= La Barokka =

La Barokka is the stage name of the Maltese singer Maria Muscat, a well-known figure on Maltese television. In addition to her concerts in Malta, La Barokka has also toured the US and the UK.

==Background==
Born in Malta, La Barokka started vocal training when she was sixteen, which led her into participating in various Maltese musicals. In 2000, she gave her début concert in the Mdina Cathedral in Malta. This concert attracted a crowd of around 900, which included the president of the Republic of Malta and the prime minister. On hearing her, the president invited her to give a concert at his palace in San Anton Gardens that same year. In the following years, La Barokka gave another concert at the Saint James Cavalier, and another in St. Julian's at the Bay Street complex.

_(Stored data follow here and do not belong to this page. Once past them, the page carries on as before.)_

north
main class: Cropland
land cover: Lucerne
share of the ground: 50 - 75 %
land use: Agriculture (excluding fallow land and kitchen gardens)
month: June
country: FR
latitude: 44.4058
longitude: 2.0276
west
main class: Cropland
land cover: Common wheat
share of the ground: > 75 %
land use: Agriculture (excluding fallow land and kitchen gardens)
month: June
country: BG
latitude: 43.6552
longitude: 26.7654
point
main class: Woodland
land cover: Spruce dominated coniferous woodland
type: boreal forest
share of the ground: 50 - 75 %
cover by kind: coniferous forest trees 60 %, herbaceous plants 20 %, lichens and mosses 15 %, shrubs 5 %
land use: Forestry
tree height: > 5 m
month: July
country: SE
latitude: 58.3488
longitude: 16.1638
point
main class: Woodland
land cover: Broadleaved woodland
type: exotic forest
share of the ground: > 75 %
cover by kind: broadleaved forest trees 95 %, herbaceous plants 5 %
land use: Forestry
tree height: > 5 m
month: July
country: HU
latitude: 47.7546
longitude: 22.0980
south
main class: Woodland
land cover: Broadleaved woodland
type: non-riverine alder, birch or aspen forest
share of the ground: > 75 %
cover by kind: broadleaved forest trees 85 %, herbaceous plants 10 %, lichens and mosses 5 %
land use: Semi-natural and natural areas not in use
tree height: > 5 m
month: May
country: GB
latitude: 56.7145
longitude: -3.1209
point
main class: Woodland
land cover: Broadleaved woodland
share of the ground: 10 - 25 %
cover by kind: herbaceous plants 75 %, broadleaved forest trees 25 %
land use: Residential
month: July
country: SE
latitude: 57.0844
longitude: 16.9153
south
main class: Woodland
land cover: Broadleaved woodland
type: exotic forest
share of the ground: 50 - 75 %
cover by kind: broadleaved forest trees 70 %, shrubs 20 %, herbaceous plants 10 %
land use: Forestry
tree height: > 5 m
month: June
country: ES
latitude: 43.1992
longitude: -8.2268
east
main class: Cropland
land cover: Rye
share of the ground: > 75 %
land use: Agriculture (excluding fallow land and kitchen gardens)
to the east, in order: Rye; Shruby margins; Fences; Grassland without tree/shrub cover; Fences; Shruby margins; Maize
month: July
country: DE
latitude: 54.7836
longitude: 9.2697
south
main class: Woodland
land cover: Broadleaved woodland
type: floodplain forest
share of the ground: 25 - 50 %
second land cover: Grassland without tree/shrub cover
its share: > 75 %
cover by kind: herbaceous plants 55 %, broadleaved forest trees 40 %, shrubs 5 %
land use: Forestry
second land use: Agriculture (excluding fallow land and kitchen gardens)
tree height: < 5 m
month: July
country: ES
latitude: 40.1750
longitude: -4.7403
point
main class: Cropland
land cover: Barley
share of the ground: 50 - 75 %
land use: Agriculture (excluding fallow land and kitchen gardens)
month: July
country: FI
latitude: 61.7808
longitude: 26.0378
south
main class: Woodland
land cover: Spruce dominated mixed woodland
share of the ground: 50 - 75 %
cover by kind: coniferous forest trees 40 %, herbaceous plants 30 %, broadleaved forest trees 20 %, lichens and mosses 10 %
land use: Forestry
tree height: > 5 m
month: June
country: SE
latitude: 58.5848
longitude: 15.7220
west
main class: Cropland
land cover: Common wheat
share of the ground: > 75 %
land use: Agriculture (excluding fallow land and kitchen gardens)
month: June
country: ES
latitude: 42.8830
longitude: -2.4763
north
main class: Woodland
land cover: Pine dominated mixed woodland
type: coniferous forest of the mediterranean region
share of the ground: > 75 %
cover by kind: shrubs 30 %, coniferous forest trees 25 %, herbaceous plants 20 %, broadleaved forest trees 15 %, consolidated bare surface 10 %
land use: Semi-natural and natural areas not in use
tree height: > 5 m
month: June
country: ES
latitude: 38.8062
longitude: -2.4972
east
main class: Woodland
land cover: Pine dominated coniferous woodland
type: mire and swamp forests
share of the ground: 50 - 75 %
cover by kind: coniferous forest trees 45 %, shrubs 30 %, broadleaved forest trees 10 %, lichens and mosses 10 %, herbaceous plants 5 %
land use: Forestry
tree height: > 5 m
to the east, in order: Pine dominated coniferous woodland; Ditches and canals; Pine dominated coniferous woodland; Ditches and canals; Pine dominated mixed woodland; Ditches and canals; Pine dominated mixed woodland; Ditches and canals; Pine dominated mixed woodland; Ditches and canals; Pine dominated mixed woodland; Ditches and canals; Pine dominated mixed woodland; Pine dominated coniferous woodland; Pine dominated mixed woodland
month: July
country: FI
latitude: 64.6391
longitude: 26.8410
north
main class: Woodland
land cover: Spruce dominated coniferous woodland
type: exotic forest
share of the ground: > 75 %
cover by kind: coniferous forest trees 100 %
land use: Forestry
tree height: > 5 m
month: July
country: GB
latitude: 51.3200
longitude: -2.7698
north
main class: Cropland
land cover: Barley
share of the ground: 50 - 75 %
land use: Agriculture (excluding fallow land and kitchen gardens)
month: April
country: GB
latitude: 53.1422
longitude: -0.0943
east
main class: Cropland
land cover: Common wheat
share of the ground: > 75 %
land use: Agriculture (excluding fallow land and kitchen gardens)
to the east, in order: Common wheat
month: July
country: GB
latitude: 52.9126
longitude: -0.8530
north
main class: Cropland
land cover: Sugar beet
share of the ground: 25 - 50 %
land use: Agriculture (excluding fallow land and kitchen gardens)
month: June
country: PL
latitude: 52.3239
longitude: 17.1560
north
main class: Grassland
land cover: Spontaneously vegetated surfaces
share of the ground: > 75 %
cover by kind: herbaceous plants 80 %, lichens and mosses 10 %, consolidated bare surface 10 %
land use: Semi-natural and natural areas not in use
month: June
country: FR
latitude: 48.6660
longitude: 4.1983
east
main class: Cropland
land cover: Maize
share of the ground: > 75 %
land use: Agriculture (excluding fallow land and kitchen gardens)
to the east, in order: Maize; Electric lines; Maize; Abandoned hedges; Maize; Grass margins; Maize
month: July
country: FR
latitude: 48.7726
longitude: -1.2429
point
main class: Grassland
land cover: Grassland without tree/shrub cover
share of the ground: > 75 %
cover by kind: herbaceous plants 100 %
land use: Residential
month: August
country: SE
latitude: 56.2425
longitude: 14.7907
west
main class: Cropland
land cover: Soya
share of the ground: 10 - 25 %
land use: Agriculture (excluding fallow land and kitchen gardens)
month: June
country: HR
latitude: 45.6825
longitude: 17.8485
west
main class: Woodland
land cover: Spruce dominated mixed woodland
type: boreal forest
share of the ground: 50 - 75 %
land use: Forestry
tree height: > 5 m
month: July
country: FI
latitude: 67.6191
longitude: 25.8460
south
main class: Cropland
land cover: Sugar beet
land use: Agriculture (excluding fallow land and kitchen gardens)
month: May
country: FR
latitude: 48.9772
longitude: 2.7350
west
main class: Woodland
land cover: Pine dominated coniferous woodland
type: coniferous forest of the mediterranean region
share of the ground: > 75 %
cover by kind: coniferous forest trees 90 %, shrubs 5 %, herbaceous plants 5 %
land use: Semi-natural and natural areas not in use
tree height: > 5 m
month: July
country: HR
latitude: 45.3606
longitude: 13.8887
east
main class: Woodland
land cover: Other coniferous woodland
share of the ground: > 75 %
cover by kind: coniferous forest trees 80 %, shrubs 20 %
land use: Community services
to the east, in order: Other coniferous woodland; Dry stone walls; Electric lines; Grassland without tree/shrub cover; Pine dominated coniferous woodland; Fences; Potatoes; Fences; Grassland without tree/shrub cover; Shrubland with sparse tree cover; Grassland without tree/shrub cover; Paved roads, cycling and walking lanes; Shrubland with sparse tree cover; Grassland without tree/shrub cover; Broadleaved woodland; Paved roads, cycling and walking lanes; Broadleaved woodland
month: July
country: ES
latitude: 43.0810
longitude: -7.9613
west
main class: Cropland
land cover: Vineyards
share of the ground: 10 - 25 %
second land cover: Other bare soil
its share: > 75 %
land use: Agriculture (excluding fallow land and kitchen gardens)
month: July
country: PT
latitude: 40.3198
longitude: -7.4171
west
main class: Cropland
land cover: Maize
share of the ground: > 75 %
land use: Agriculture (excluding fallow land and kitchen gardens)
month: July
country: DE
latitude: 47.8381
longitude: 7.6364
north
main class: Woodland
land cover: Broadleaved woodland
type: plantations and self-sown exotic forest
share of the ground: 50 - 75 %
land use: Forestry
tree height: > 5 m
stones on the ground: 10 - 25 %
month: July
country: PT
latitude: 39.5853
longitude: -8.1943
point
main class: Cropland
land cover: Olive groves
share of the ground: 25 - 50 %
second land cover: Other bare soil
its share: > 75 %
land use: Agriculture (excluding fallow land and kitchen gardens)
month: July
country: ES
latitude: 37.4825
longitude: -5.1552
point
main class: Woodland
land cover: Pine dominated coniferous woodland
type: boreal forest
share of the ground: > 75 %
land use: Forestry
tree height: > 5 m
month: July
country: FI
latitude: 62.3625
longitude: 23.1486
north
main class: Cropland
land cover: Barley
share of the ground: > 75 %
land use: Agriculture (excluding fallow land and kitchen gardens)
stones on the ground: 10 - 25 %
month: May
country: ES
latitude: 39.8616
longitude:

In 2004, La Barokka released the single "You", a blend of classical and hip hop music, with music by Elton Zarb and Tonio Cardona of Freetime Studios and lyrics by Robbie Govus. The song also featured the hip hop singer Pendemonium. In 2005, the song was chosen by the New York Filming Academy for a music video shot in London. 2004 also saw La Barokka give two concerts at the Hilton and the Corinithia Palace in Malta. In 2007, she started to produce her own TV show, produced with American co-host John Di Lemme. In the same year she undertook her first show in Atlanta.

In 2007, La Barokka released the single "A Different Day", created for the 'Find Your Why Main Event' in Atlanta, US. The song was written by Robert Govus and composed by Elton Zarb.

The show's first "season" has been viewed by not less than 28,000 people (almost 7 percent of the Maltese TV audience share, according to a Maltese Broadcasting Authority survey).

In April 2009, La Barokka performed and produced 'He Lives In You, Live in Concert', in Valletta, Malta, a concert that attracted hundreds of people and was also aired on the Maltese national TV station, PBS. La Barokka sang with Italian singer Jonie Falcone in Rome, and recorded a song with Don't Worry Records. The song "Cruel" is part of Jonie Falcone's double album sold in Europe and United States.